(Data records)
-- Opening Marker --

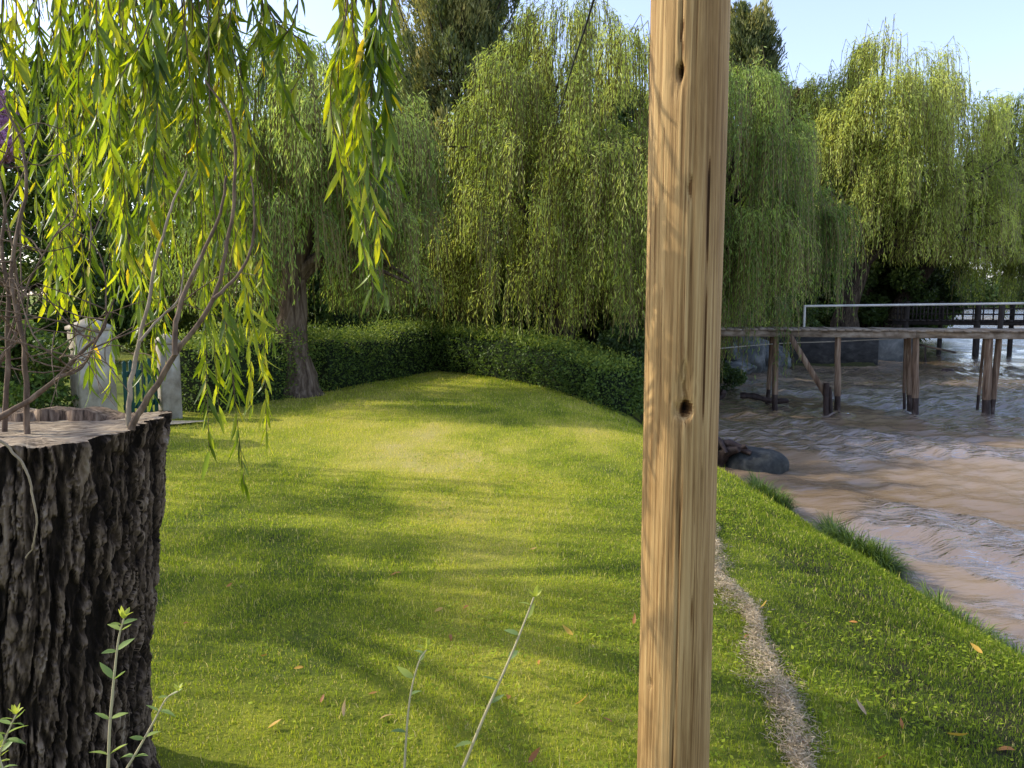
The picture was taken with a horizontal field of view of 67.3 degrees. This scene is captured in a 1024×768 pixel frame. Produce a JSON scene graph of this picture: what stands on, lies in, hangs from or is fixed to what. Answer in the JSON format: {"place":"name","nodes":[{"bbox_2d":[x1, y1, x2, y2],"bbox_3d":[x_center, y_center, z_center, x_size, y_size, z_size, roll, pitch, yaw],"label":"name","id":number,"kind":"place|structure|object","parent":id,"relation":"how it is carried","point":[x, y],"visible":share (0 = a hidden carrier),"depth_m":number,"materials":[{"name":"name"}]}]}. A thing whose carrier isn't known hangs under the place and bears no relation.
{"place":"outdoors","nodes":[
{"label":"outdoors","id":0,"kind":"place"},
{"bbox_2d":[0,0,1023,294],"label":"sky","id":1,"kind":"structure","parent":0,"point":[990,31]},
{"bbox_2d":[2,295,1023,767],"bbox_3d":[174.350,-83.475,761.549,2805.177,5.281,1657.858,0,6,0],"label":"ground","id":2,"kind":"structure","parent":0,"point":[374,683],"depth_m":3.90,"materials":[{"name":"green plant"}]},
{"bbox_2d":[0,739,17,767],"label":"weed","id":3,"kind":"object","parent":2,"relation":"on","point":[1,764],"visible":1,"depth_m":1.55,"materials":[{"name":"green plant"}]},
{"bbox_2d":[0,81,24,175],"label":"broadleaf tree","id":4,"kind":"object","parent":2,"relation":"on","point":[4,119],"visible":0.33,"depth_m":16.49,"materials":[{"name":"purple plant"}]},
{"bbox_2d":[0,704,27,760],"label":"weed","id":5,"kind":"object","parent":2,"relation":"on","point":[15,711],"visible":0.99,"depth_m":1.59,"materials":[{"name":"green plant"}]},
{"bbox_2d":[0,303,65,408],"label":"shrub","id":6,"kind":"object","parent":2,"relation":"on","point":[3,322],"visible":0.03,"depth_m":9.91,"materials":[{"name":"green plant"}]},
{"bbox_2d":[0,319,84,408],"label":"shrub","id":7,"kind":"object","parent":2,"relation":"on","point":[38,381],"visible":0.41,"depth_m":8.33,"materials":[{"name":"green plant"}]},
{"bbox_2d":[0,52,170,361],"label":"broadleaf tree","id":8,"kind":"object","parent":2,"relation":"on","point":[28,267],"visible":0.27,"depth_m":17.73,"materials":[{"name":"green plant"}]},
{"bbox_2d":[64,318,117,410],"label":"gate pillar","id":9,"kind":"structure","parent":2,"relation":"on","point":[84,394],"depth_m":8.51,"materials":[{"name":"paint"}]},
{"bbox_2d":[92,606,136,767],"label":"weed","id":10,"kind":"object","parent":2,"relation":"on","point":[107,671],"visible":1,"depth_m":1.58,"materials":[{"name":"green plant"}]},
{"bbox_2d":[0,79,257,767],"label":"tree stump","id":11,"kind":"object","parent":2,"relation":"on","point":[82,499],"visible":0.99,"depth_m":2.12,"materials":[{"name":"brown plant"}]},
{"bbox_2d":[121,683,181,767],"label":"weed","id":12,"kind":"object","parent":2,"relation":"on","point":[167,711],"visible":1,"depth_m":1.59,"materials":[{"name":"green plant"}]},
{"bbox_2d":[75,80,253,353],"bbox_3d":[-9.904,-4.781,22.529,6.251,8.185,5.349,5,8,37],"label":"broadleaf tree","id":13,"kind":"object","parent":2,"relation":"on","point":[187,318],"visible":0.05,"depth_m":21.94,"materials":[{"name":"green plant"}]},
{"bbox_2d":[156,334,182,418],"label":"gate pillar","id":14,"kind":"structure","parent":2,"relation":"on","point":[169,394],"depth_m":10.17,"materials":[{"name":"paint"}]},
{"bbox_2d":[122,358,159,412],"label":"picket gate","id":15,"kind":"structure","parent":14,"relation":"attached to","point":[125,374],"depth_m":9.77,"materials":[{"name":"green paint"}]},
{"bbox_2d":[170,420,205,423],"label":"path","id":16,"kind":"structure","parent":2,"relation":"on","point":[176,422],"depth_m":9.81,"materials":[{"name":"grey concrete"}]},
{"bbox_2d":[0,0,408,502],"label":"willow tree","id":17,"kind":"object","parent":2,"relation":"on","point":[146,69],"visible":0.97,"depth_m":2.63,"materials":[{"name":"green plant"}]},
{"bbox_2d":[166,317,328,415],"bbox_3d":[-4.108,-0.322,11.957,1.604,1.613,3.230,2,7,17],"label":"hedge","id":18,"kind":"object","parent":2,"relation":"on","point":[190,384],"visible":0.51,"depth_m":11.35,"materials":[{"name":"green plant"}]},
{"bbox_2d":[209,110,347,338],"bbox_3d":[-6.786,-4.721,24.422,6.269,8.004,6.361,-5,8,-39],"label":"broadleaf tree","id":19,"kind":"object","parent":2,"relation":"on","point":[318,317],"visible":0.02,"depth_m":23.15,"materials":[{"name":"green plant"}]},
{"bbox_2d":[113,20,453,398],"bbox_3d":[-3.599,-2.591,12.604,5.198,6.054,5.116,0,6,0],"label":"willow tree","id":20,"kind":"object","parent":2,"relation":"on","point":[299,214],"visible":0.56,"depth_m":11.78,"materials":[{"name":"green plant"}]},
{"bbox_2d":[342,700,344,715],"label":"fallen leaf","id":21,"kind":"object","parent":2,"relation":"on","point":[343,709],"visible":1,"depth_m":2.93,"materials":[{"name":"beige plant"}]},
{"bbox_2d":[308,252,429,331],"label":"broadleaf tree","id":22,"kind":"object","parent":2,"relation":"on","point":[327,302],"depth_m":24.29,"materials":[{"name":"green plant"}]},
{"bbox_2d":[308,313,443,391],"bbox_3d":[-2.792,-0.657,15.222,1.617,1.532,5.006,2,7,20],"label":"hedge","id":23,"kind":"object","parent":2,"relation":"on","point":[352,357],"visible":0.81,"depth_m":14.60,"materials":[{"name":"green plant"}]},
{"bbox_2d":[319,295,482,336],"bbox_3d":[-3.086,-1.720,21.978,5.079,2.414,1.771,1,6,11],"label":"hedge","id":24,"kind":"object","parent":2,"relation":"on","point":[336,317],"visible":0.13,"depth_m":21.83,"materials":[{"name":"green plant"}]},
{"bbox_2d":[306,115,512,328],"bbox_3d":[-2.493,-3.358,18.551,5.128,6.270,5.358,0,6,0],"label":"willow tree","id":25,"kind":"object","parent":2,"relation":"on","point":[440,188],"visible":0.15,"depth_m":17.37,"materials":[{"name":"green plant"}]},
{"bbox_2d":[390,636,433,767],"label":"weed","id":26,"kind":"object","parent":2,"relation":"on","point":[405,672],"visible":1,"depth_m":1.89,"materials":[{"name":"green plant"}]},
{"bbox_2d":[374,0,523,223],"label":"conifer tree","id":27,"kind":"object","parent":2,"relation":"on","point":[458,35],"visible":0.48,"depth_m":25.50,"materials":[{"name":"green plant"}]},
{"bbox_2d":[454,585,541,767],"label":"weed","id":28,"kind":"object","parent":2,"relation":"on","point":[514,652],"visible":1,"depth_m":1.84,"materials":[{"name":"green plant"}]},
{"bbox_2d":[484,280,549,339],"bbox_3d":[0.207,-1.315,17.020,1.934,2.542,2.552,0,6,0],"label":"shrub","id":29,"kind":"object","parent":2,"relation":"on","point":[497,315],"visible":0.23,"depth_m":17.22,"materials":[{"name":"green plant"}]},
{"bbox_2d":[409,317,643,415],"bbox_3d":[-0.014,-0.475,15.663,1.791,1.764,6.942,-5,8,-39],"label":"hedge","id":30,"kind":"object","parent":2,"relation":"on","point":[569,367],"visible":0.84,"depth_m":14.39,"materials":[{"name":"green plant"}]},
{"bbox_2d":[478,191,585,336],"bbox_3d":[0.234,-3.072,22.367,3.630,5.185,3.812,-4,7,-32],"label":"broadleaf tree","id":31,"kind":"object","parent":2,"relation":"on","point":[528,202],"visible":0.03,"depth_m":21.35,"materials":[{"name":"green plant"}]},
{"bbox_2d":[528,747,539,762],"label":"fallen leaf","id":32,"kind":"object","parent":2,"relation":"on","point":[533,755],"visible":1,"depth_m":2.65,"materials":[{"name":"brown plant"}]},
{"bbox_2d":[402,0,721,349],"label":"willow tree","id":33,"kind":"object","parent":2,"relation":"on","point":[586,217],"visible":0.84,"depth_m":14.56,"materials":[{"name":"green plant"}]},
{"bbox_2d":[562,624,572,634],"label":"fallen leaf","id":34,"kind":"object","parent":2,"relation":"on","point":[568,630],"visible":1,"depth_m":3.62,"materials":[{"name":"yellow plant"}]},
{"bbox_2d":[530,255,643,358],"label":"broadleaf tree","id":35,"kind":"object","parent":2,"relation":"on","point":[586,335],"visible":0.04,"depth_m":20.64,"materials":[{"name":"green plant"}]},
{"bbox_2d":[584,81,648,328],"bbox_3d":[4.132,-5.654,26.599,6.584,9.414,6.529,0,6,0],"label":"broadleaf tree","id":36,"kind":"object","parent":2,"relation":"on","point":[622,117],"depth_m":25.53,"materials":[{"name":"green plant"}]},
{"bbox_2d":[596,315,644,411],"bbox_3d":[2.261,-0.361,14.348,2.340,2.162,1.838,0,6,0],"label":"shrub","id":37,"kind":"object","parent":2,"relation":"on","point":[608,340],"visible":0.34,"depth_m":13.94,"materials":[{"name":"green plant"}]},
{"bbox_2d":[637,0,730,767],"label":"wooden pole","id":38,"kind":"object","parent":2,"relation":"on","point":[688,92],"visible":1,"depth_m":2.00,"materials":[{"name":"brown wood"}]},
{"bbox_2d":[596,46,867,385],"bbox_3d":[5.042,-3.881,18.585,5.981,8.334,7.062,0,6,0],"label":"willow tree","id":39,"kind":"object","parent":2,"relation":"on","point":[778,245],"visible":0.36,"depth_m":16.53,"materials":[{"name":"green plant"}]},
{"bbox_2d":[717,436,751,466],"bbox_3d":[2.921,0.965,10.399,0.305,0.545,0.578,-5,8,-39],"label":"rock","id":40,"kind":"object","parent":2,"relation":"on","point":[727,448],"visible":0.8,"depth_m":10.34,"materials":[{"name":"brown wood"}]},
{"bbox_2d":[719,351,763,391],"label":"shrub","id":41,"kind":"object","parent":2,"relation":"on","point":[733,376],"visible":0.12,"depth_m":19.23,"materials":[{"name":"green plant"}]},
{"bbox_2d":[720,326,766,372],"bbox_3d":[7.207,-0.929,24.645,1.875,1.825,1.586,0,6,0],"label":"boulder","id":42,"kind":"object","parent":2,"relation":"on","point":[760,363],"visible":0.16,"depth_m":24.03,"materials":[{"name":"grey stone"}]},
{"bbox_2d":[721,297,771,326],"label":"shrub","id":43,"kind":"object","parent":2,"relation":"on","point":[754,322],"visible":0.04,"depth_m":29.31,"materials":[{"name":"green plant"}]},
{"bbox_2d":[726,446,788,473],"bbox_3d":[3.342,1.130,10.512,0.846,0.544,0.751,0,6,0],"label":"boulder","id":44,"kind":"object","parent":2,"relation":"on","point":[765,460],"visible":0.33,"depth_m":10.22,"materials":[{"name":"grey stone"}]},
{"bbox_2d":[726,0,801,324],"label":"conifer tree","id":45,"kind":"object","parent":2,"relation":"on","point":[751,33],"visible":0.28,"depth_m":29.99,"materials":[{"name":"green plant"}]},
{"bbox_2d":[737,470,803,514],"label":"grass tuft","id":46,"kind":"object","parent":2,"relation":"on","point":[761,486],"visible":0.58,"depth_m":7.96,"materials":[{"name":"green plant"}]},
{"bbox_2d":[713,521,833,767],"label":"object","id":47,"kind":"object","parent":2,"relation":"on","point":[753,612],"visible":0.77,"depth_m":3.24,"materials":[{"name":"gravel"}]},
{"bbox_2d":[764,340,784,369],"bbox_3d":[8.196,-0.798,25.402,1.672,1.420,1.468,0,6,0],"label":"boulder","id":48,"kind":"object","parent":2,"relation":"on","point":[782,358],"visible":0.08,"depth_m":25.06,"materials":[{"name":"grey stone"}]},
{"bbox_2d":[779,345,790,368],"bbox_3d":[8.858,-0.764,26.075,1.157,1.198,1.179,0,6,0],"label":"boulder","id":49,"kind":"object","parent":2,"relation":"on","point":[788,361],"visible":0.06,"depth_m":25.71,"materials":[{"name":"grey stone"}]},
{"bbox_2d":[791,86,810,317],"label":"broadleaf tree","id":50,"kind":"object","parent":2,"relation":"on","point":[798,91],"visible":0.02,"depth_m":39.11,"materials":[{"name":"green plant"}]},
{"bbox_2d":[770,289,834,326],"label":"shrub","id":51,"kind":"object","parent":2,"relation":"on","point":[810,311],"visible":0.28,"depth_m":30.04,"materials":[{"name":"green plant"}]},
{"bbox_2d":[751,239,886,326],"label":"broadleaf tree","id":52,"kind":"object","parent":2,"relation":"on","point":[825,323],"visible":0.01,"depth_m":34.80,"materials":[{"name":"green plant"}]},
{"bbox_2d":[760,337,878,364],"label":"retaining wall","id":53,"kind":"structure","parent":2,"relation":"on","point":[851,351],"depth_m":26.47,"materials":[{"name":"grey concrete"}]},
{"bbox_2d":[856,698,865,713],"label":"fallen leaf","id":54,"kind":"object","parent":2,"relation":"on","point":[860,705],"visible":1,"depth_m":3.04,"materials":[{"name":"grey plant"}]},
{"bbox_2d":[804,510,923,584],"bbox_3d":[2.946,1.375,6.548,0.899,0.649,1.373,0,6,0],"label":"grass tuft","id":55,"kind":"object","parent":2,"relation":"on","point":[872,550],"visible":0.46,"depth_m":6.28,"materials":[{"name":"green plant"}]},
{"bbox_2d":[721,302,1023,414],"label":"jetty","id":56,"kind":"object","parent":2,"relation":"on","point":[911,381],"visible":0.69,"depth_m":15.61,"materials":[{"name":"brown wood"}]},
{"bbox_2d":[809,197,939,327],"bbox_3d":[16.050,-5.975,34.914,6.417,8.473,5.584,0,6,0],"label":"broadleaf tree","id":57,"kind":"object","parent":2,"relation":"on","point":[897,282],"visible":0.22,"depth_m":33.98,"materials":[{"name":"green plant"}]},
{"bbox_2d":[878,338,911,361],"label":"retaining wall","id":58,"kind":"structure","parent":2,"relation":"on","point":[891,349],"depth_m":28.50,"materials":[{"name":"grey concrete"}]},
{"bbox_2d":[779,13,1023,326],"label":"willow tree","id":59,"kind":"object","parent":2,"relation":"on","point":[877,172],"visible":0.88,"depth_m":27.81,"materials":[{"name":"green plant"}]},
{"bbox_2d":[858,254,967,327],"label":"broadleaf tree","id":60,"kind":"object","parent":2,"relation":"on","point":[950,317],"visible":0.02,"depth_m":42.58,"materials":[{"name":"green plant"}]},
{"bbox_2d":[869,187,968,341],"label":"broadleaf tree","id":61,"kind":"object","parent":2,"relation":"on","point":[944,291],"visible":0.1,"depth_m":35.17,"materials":[{"name":"green plant"}]},
{"bbox_2d":[879,87,1023,327],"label":"willow tree","id":62,"kind":"object","parent":2,"relation":"on","point":[1008,270],"visible":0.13,"depth_m":33.43,"materials":[{"name":"green plant"}]},
{"bbox_2d":[887,301,1023,361],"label":"jetty","id":63,"kind":"object","parent":2,"relation":"on","point":[976,321],"visible":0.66,"depth_m":30.96,"materials":[{"name":"brown wood"}]},
{"bbox_2d":[948,733,967,735],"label":"fallen leaf","id":64,"kind":"object","parent":2,"relation":"on","point":[958,734],"visible":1,"depth_m":2.86,"materials":[{"name":"yellow plant"}]},
{"bbox_2d":[909,578,1018,650],"bbox_3d":[3.123,1.611,5.357,0.621,0.447,0.917,0,6,0],"label":"grass tuft","id":65,"kind":"object","parent":2,"relation":"on","point":[951,607],"visible":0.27,"depth_m":5.38,"materials":[{"name":"green plant"}]},
{"bbox_2d":[970,643,982,652],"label":"fallen leaf","id":66,"kind":"object","parent":2,"relation":"on","point":[977,648],"visible":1,"depth_m":3.87,"materials":[{"name":"yellow plant"}]},
{"bbox_2d":[935,266,1023,306],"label":"wood","id":67,"kind":"object","parent":2,"relation":"on","point":[986,295],"visible":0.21,"depth_m":209.58,"materials":[{"name":"green plant"}]},
{"bbox_2d":[983,626,1023,655],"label":"grass tuft","id":68,"kind":"object","parent":2,"relation":"on","point":[1014,647],"visible":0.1,"depth_m":4.93,"materials":[{"name":"green plant"}]},
{"bbox_2d":[997,746,1013,750],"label":"fallen leaf","id":69,"kind":"object","parent":2,"relation":"on","point":[1006,747],"visible":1,"depth_m":2.84,"materials":[{"name":"brown plant"}]},
{"bbox_2d":[554,0,594,131],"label":"overhead cable","id":70,"kind":"object","parent":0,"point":[589,14],"visible":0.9,"depth_m":7.33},
{"bbox_2d":[719,389,726,399],"bbox_3d":[4.500,0.257,16.727,0.323,0.302,0.139,0,6,0],"label":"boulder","id":71,"kind":"object","parent":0,"point":[722,393],"visible":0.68,"depth_m":16.69,"materials":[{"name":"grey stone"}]},
{"bbox_2d":[718,307,1023,651],"bbox_3d":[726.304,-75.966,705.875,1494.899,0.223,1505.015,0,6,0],"label":"water","id":72,"kind":"structure","parent":0,"point":[934,488],"depth_m":11.00,"materials":[{"name":"brown liquid"}]},
{"bbox_2d":[722,360,756,375],"bbox_3d":[6.642,-0.414,23.291,1.138,0.620,2.080,6,9,43],"label":"boulder","id":73,"kind":"object","parent":72,"relation":"in","point":[748,369],"visible":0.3,"depth_m":22.93,"materials":[{"name":"grey stone"}]},
{"bbox_2d":[740,392,788,403],"bbox_3d":[5.440,0.310,16.590,1.011,0.235,0.209,1,6,13],"label":"driftwood","id":74,"kind":"object","parent":72,"relation":"on","point":[754,396],"visible":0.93,"depth_m":16.56,"materials":[{"name":"brown wood"}]},
{"bbox_2d":[940,368,954,370],"bbox_3d":[13.597,-0.365,24.025,0.429,0.264,0.300,-1,6,-13],"label":"driftwood","id":75,"kind":"object","parent":72,"relation":"on","point":[947,369],"visible":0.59,"depth_m":23.94,"materials":[{"name":"brown wood"}]}
]}

-- Closing Marker --

When a line among the entries contains "place", pull that line out.

▶ **Exercise result**
The picture was taken with a horizontal field of view of 67.3 degrees. This scene is captured in a 1024×768 pixel frame. Produce a JSON scene graph of this picture: what stands on, lies in, hangs from or is fixed to what. Answer in the JSON format: {"place":"name","nodes":[{"bbox_2d":[x1, y1, x2, y2],"bbox_3d":[x_center, y_center, z_center, x_size, y_size, z_size, roll, pitch, yaw],"label":"name","id":number,"kind":"place|structure|object","parent":id,"relation":"how it is carried","point":[x, y],"visible":share (0 = a hidden carrier),"depth_m":number,"materials":[{"name":"name"}]}]}. A thing whose carrier isn't known hangs under the place and bears no relation.
{"place":"outdoors","nodes":[
{"label":"outdoors","id":0,"kind":"place"},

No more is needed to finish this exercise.